§ **What you should do**: For each record that follows, give it back exactly, with no pictures included.

[[ Available records, beginning ]]

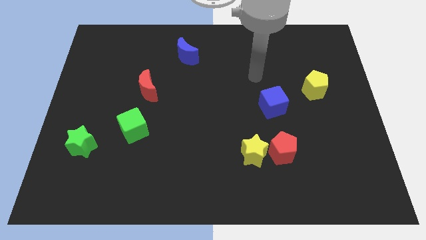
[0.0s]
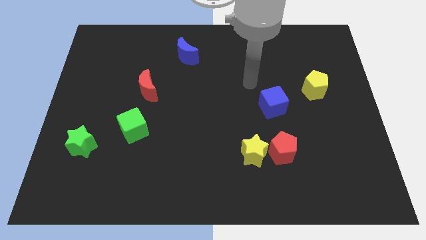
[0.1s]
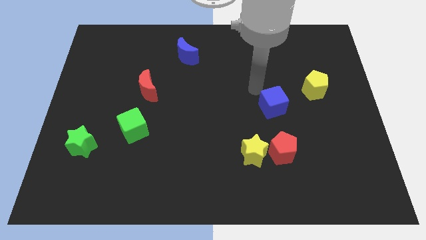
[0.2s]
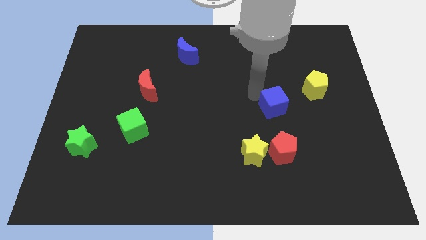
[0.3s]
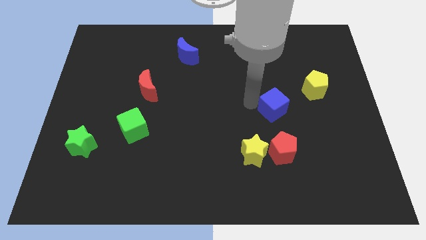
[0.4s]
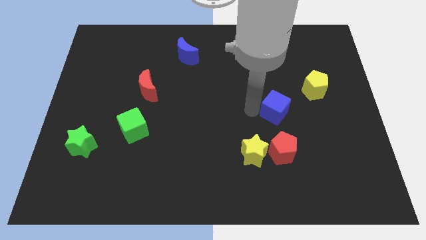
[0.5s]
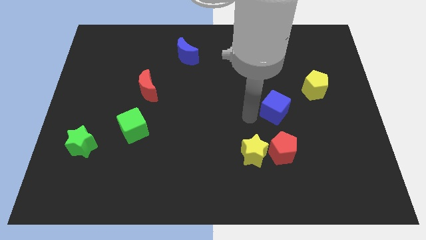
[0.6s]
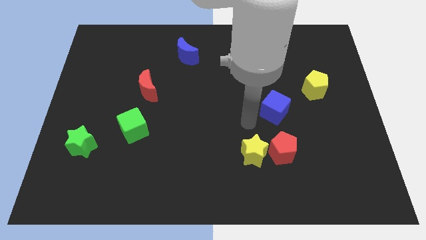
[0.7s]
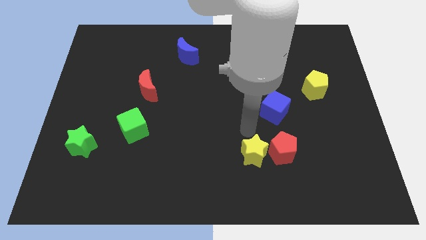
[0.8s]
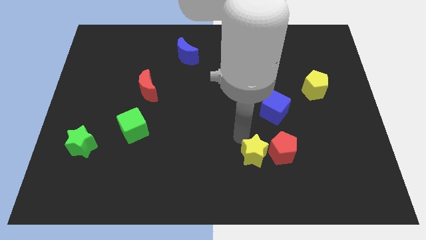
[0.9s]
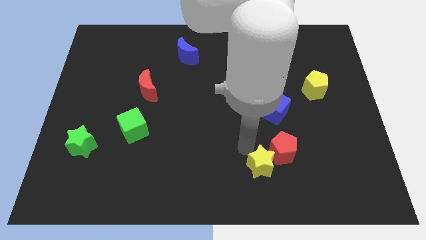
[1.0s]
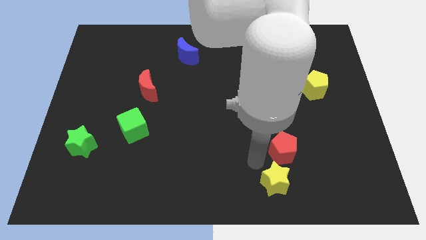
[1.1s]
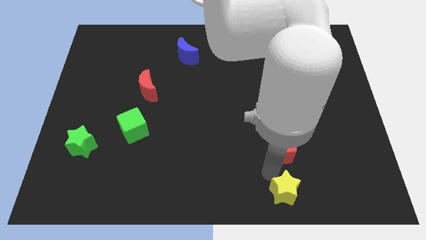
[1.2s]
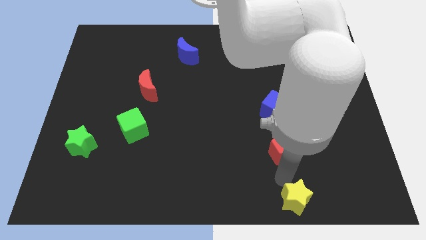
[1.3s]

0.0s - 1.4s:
separate the red pentagon from the yellow star

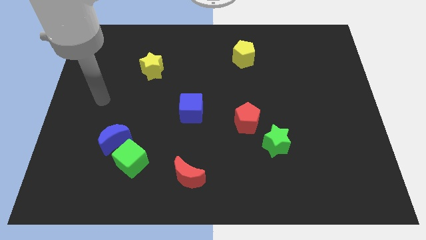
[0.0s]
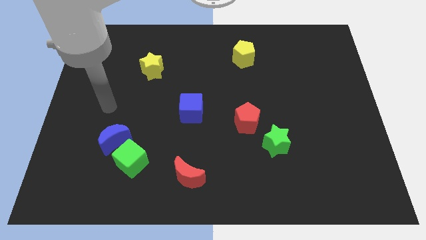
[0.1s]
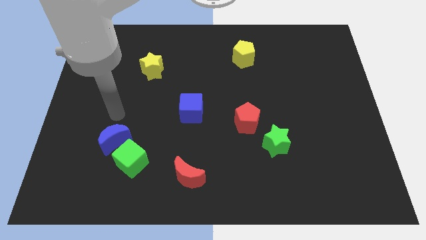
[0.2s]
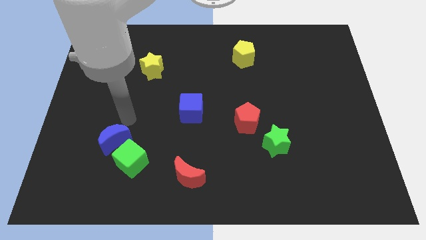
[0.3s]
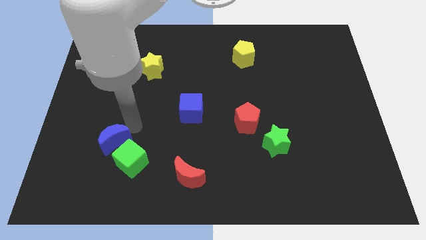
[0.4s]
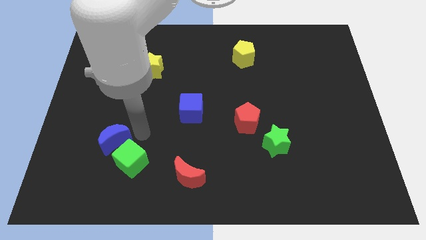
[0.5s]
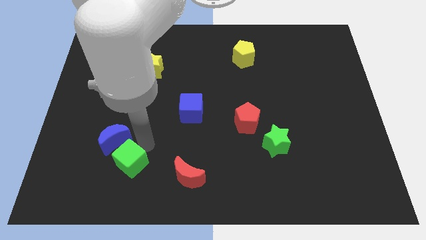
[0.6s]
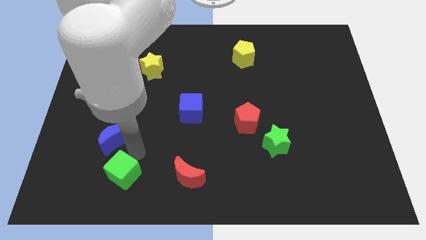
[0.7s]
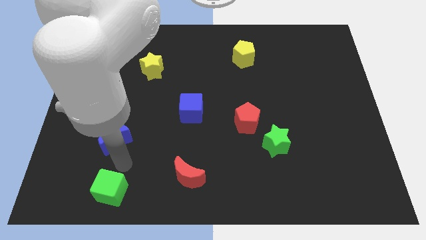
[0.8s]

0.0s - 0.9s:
move the blue moon away from the green cube

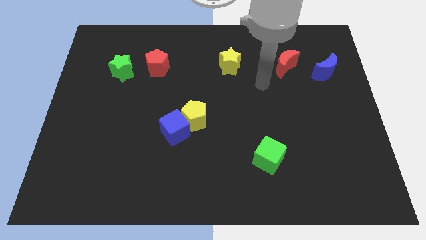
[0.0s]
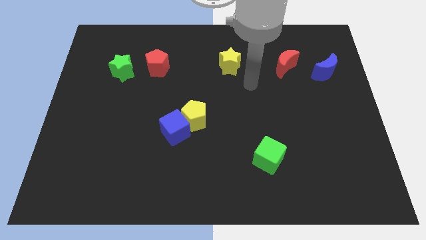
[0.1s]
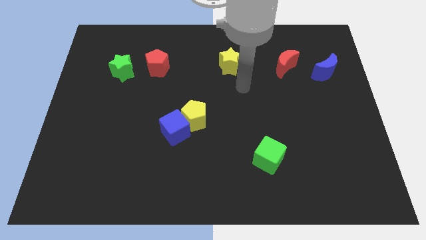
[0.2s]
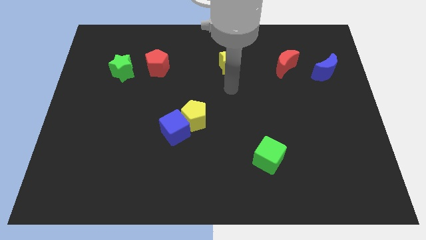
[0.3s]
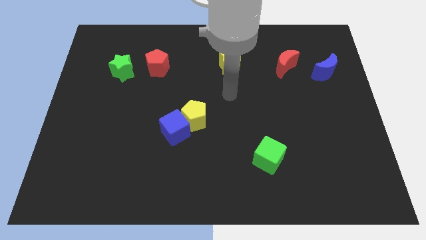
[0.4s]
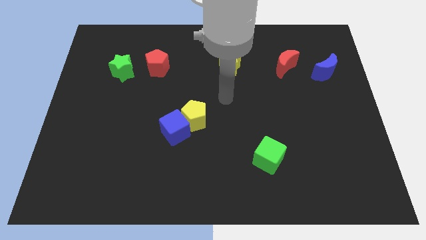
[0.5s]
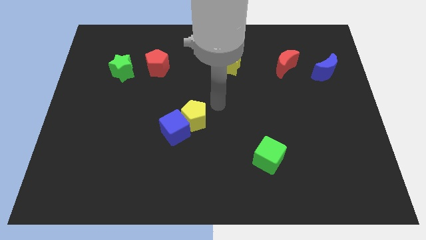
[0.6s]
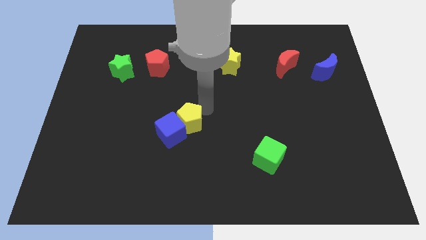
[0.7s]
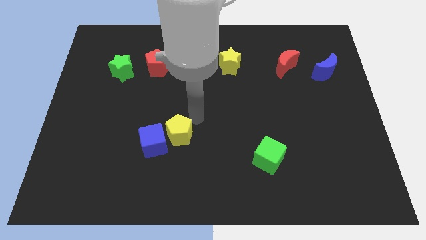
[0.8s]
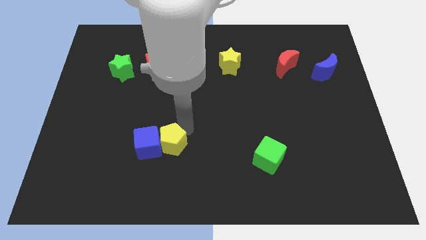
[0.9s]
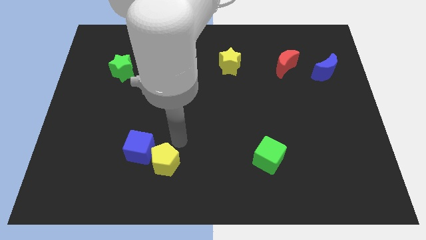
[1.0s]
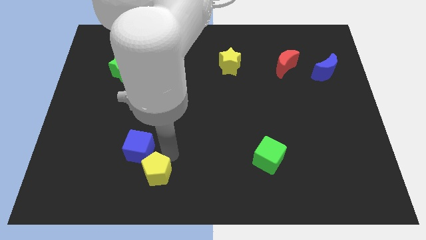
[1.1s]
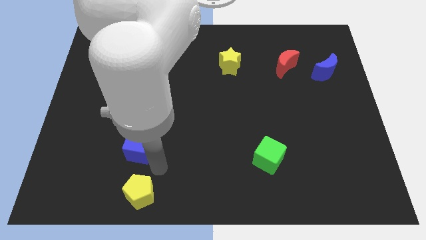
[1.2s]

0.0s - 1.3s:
move the blue cube away from the yellow pentagon

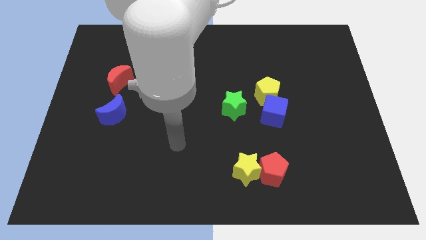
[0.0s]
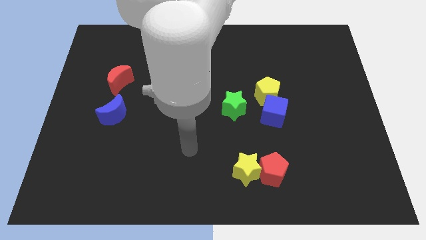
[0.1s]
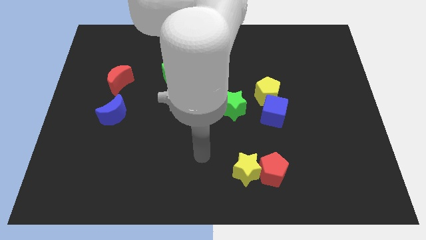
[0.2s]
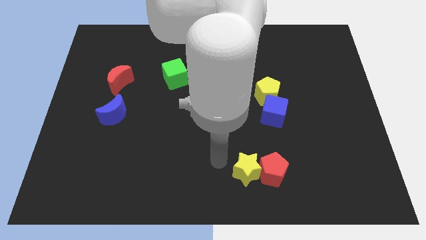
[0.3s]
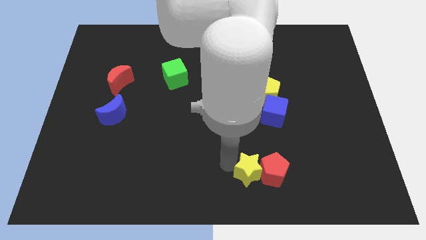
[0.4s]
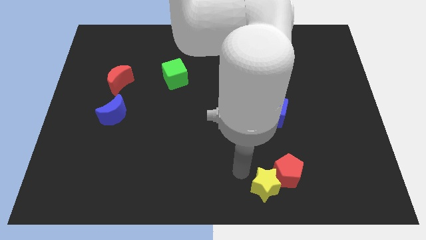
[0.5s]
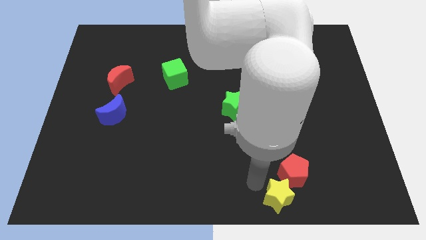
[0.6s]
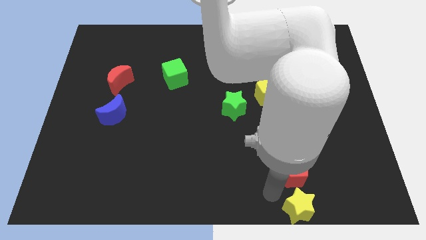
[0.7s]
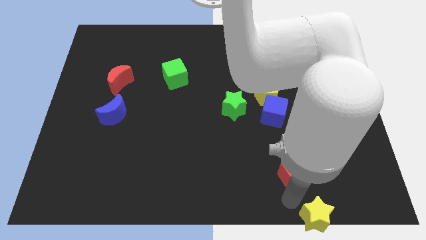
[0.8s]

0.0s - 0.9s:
move the red pentagon away from the yellow star

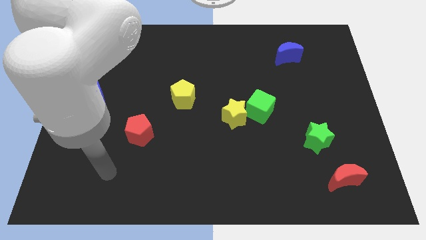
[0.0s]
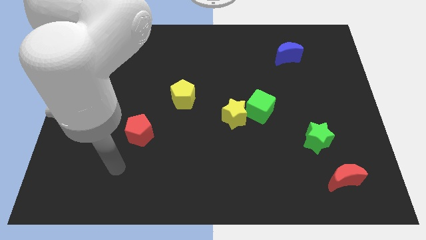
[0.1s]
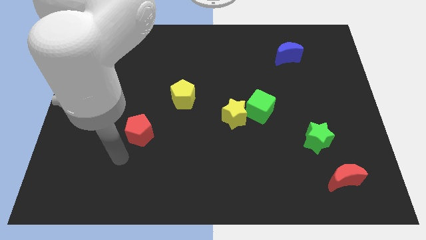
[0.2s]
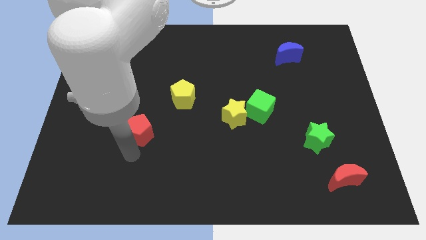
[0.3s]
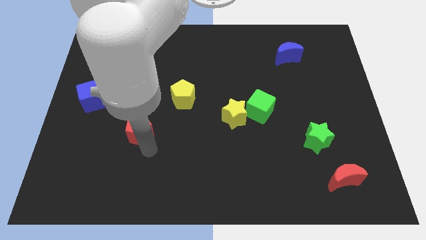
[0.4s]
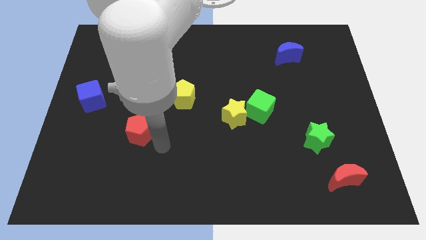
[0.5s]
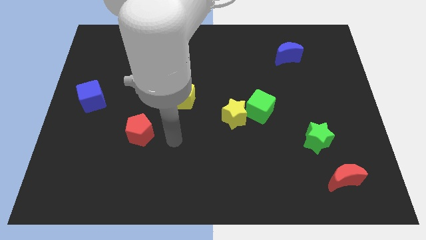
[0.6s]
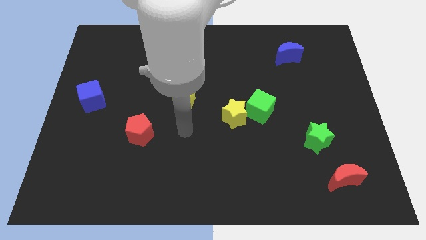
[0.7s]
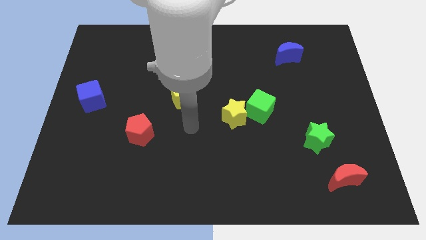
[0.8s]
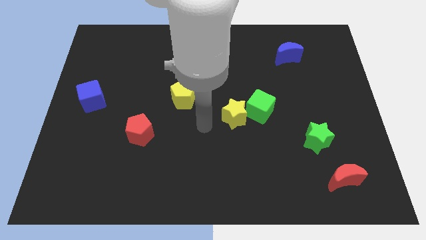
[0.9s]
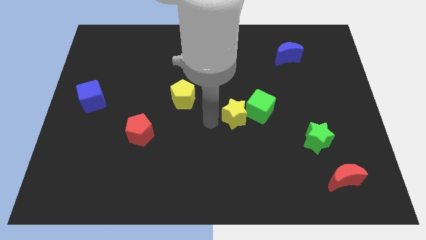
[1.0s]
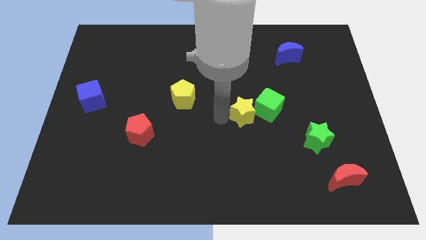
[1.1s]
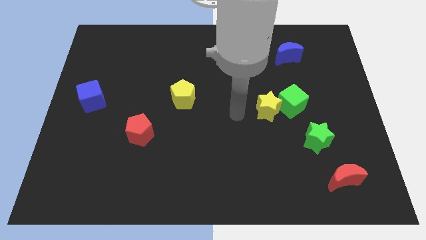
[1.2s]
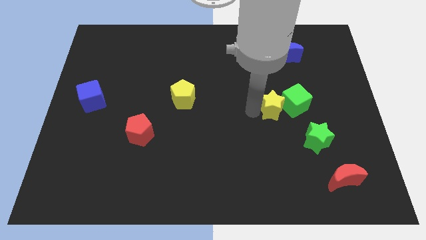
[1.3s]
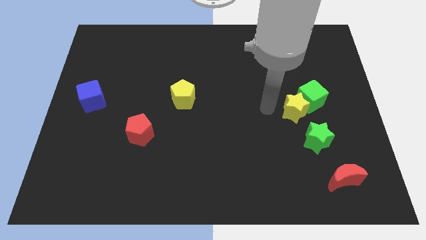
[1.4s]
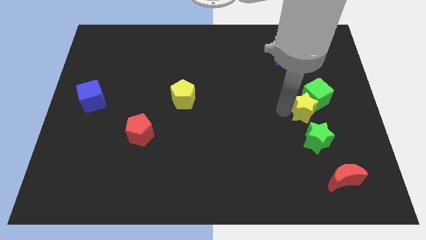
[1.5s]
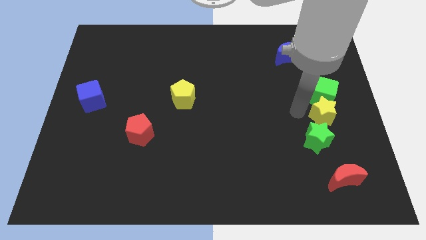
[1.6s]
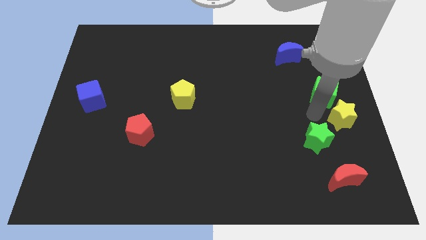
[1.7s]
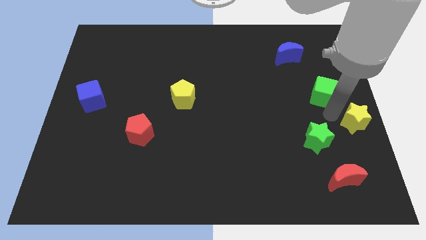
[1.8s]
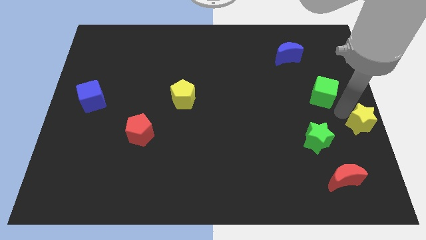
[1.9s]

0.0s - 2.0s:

[[ Available records, end ]]

§ **Final answer**:
[0.0s]
[0.1s]
[0.2s]
[0.3s]
[0.4s]
[0.5s]
[0.6s]
[0.7s]
[0.8s]
[0.9s]
[1.0s]
[1.1s]
[1.2s]
[1.3s]

0.0s - 1.4s:
separate the red pentagon from the yellow star

[0.0s]
[0.1s]
[0.2s]
[0.3s]
[0.4s]
[0.5s]
[0.6s]
[0.7s]
[0.8s]

0.0s - 0.9s:
move the blue moon away from the green cube

[0.0s]
[0.1s]
[0.2s]
[0.3s]
[0.4s]
[0.5s]
[0.6s]
[0.7s]
[0.8s]
[0.9s]
[1.0s]
[1.1s]
[1.2s]

0.0s - 1.3s:
move the blue cube away from the yellow pentagon

[0.0s]
[0.1s]
[0.2s]
[0.3s]
[0.4s]
[0.5s]
[0.6s]
[0.7s]
[0.8s]

0.0s - 0.9s:
move the red pentagon away from the yellow star

[0.0s]
[0.1s]
[0.2s]
[0.3s]
[0.4s]
[0.5s]
[0.6s]
[0.7s]
[0.8s]
[0.9s]
[1.0s]
[1.1s]
[1.2s]
[1.3s]
[1.4s]
[1.5s]
[1.6s]
[1.7s]
[1.8s]
[1.9s]

0.0s - 2.0s:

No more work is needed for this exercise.